RIO DE JANEIRO (AP) — Organizers of the 2016 Olympics and Paralympics in Rio de Janeiro are struggling to find enough unpaid volunteers and have extended the registration period for another month.
In a country that is divided starkly between rich and poor, many cannot afford to work for free. There is little tradition in Brazil of volunteering or philanthropy.
Organizers said Friday that 170,000 people had registered ahead of an initial Nov. 15 deadline — which has now been extended to Dec. 15. The goal is 300,000 applicants, from which 70,000 will be picked.
Flavia Fontes, who manages the volunteers’ program, said registrations had picked up in the last few weeks.
“It is clear that there are still many interested people who have yet to register, so we have decided to extend the registration,” she said. “This really is the last chance.”
Fontes said there was no problem finding volunteers, and she said the Dec. 15 deadline would not be extended.
“We just don’t want people to miss out.”
Volunteers perform a range of jobs like greeting fans and escorting athletes. They must pay their own lodging and transportation to the host city. They get transportation to venues and meals on the days they work, some training, uniforms and no pay.

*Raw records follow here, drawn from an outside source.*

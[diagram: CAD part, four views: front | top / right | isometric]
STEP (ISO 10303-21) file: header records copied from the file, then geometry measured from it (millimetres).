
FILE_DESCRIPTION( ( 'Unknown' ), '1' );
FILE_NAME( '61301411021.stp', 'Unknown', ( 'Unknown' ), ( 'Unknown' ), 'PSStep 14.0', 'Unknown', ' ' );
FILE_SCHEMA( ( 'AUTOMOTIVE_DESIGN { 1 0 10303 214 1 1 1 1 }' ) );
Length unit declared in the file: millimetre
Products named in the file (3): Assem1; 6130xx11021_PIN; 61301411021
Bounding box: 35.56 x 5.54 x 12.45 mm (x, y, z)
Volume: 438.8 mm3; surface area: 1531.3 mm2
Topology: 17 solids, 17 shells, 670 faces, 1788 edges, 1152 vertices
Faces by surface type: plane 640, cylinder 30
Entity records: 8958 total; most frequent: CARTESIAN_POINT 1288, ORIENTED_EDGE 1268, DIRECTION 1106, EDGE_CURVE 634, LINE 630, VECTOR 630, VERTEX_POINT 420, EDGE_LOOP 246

Fontes has she expects non-Brazilians to make up about 5 percent of the final 70,000.
Organizers say candidates have a wide range of experience, ranging from young students to some holding advanced university degrees. Many of the medical staff at the Olympics will be volunteers.
“We are very happy that such a wide range of people have registered for the program,” Fontes said. She said some people have declined to register, fearing too many have already signed up.

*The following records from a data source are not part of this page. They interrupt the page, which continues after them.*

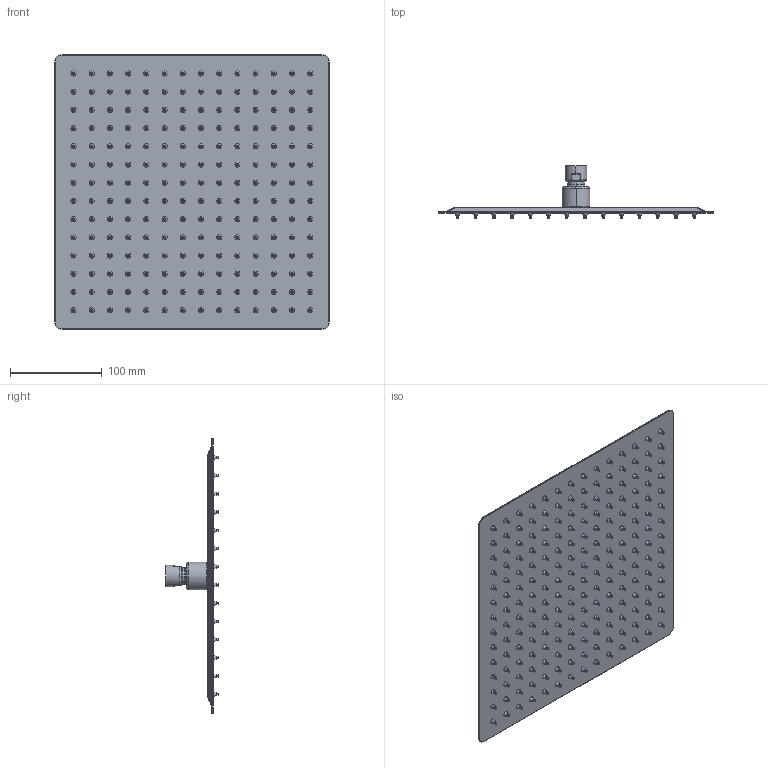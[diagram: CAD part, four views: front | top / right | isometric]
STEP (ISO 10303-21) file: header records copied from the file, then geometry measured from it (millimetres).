
FILE_DESCRIPTION((''),'2;1');
FILE_NAME('SH43300_ASM','2023-07-11T09:31:03',('Administrator'),(''),'CREO PARAMETRIC BY PTC INC, 2018500','CREO PARAMETRIC BY PTC INC, 2018500','');
FILE_SCHEMA(('CONFIG_CONTROL_DESIGN'));
Length unit declared in the file: millimetre
Products named in the file (4): SH43300; SH43300-1; SH43300-2; SH43300_ASM
Assembly tree (3 placements, depth 2):
  SH43300_ASM
    SH43300
    SH43300-1
    SH43300-2
Bounding box: 300 x 57.5 x 300 mm (x, y, z)
Volume: 541696.4 mm3; surface area: 455406.6 mm2
Topology: 198 solids, 201 shells, 2469 faces, 4952 edges, 2886 vertices
Faces by surface type: cylinder 812, torus 806, plane 409, cone 392, bspline 46, sphere 4
Entity records: 67616 total; most frequent: DIRECTION 13416, CARTESIAN_POINT 13036, ORIENTED_EDGE 9892, AXIS2_PLACEMENT_3D 6076, EDGE_CURVE 4952, CIRCLE 3640, VERTEX_POINT 2886, EDGE_LOOP 2865

Olympic volunteers save their local organizing committees tens of millions of dollars.
The International Olympic Committee conducted a study of the 2000 Olympics and found volunteers were worth about $60 million. Sydney used only 40,000 volunteers.
The operating budget for the Rio Games is $3 billion, which is the cost of running the games themselves. Overall, Rio is spending about $20 billion — a mix of public and private money — to build sporting and urban infrastructure to prepare the South American city.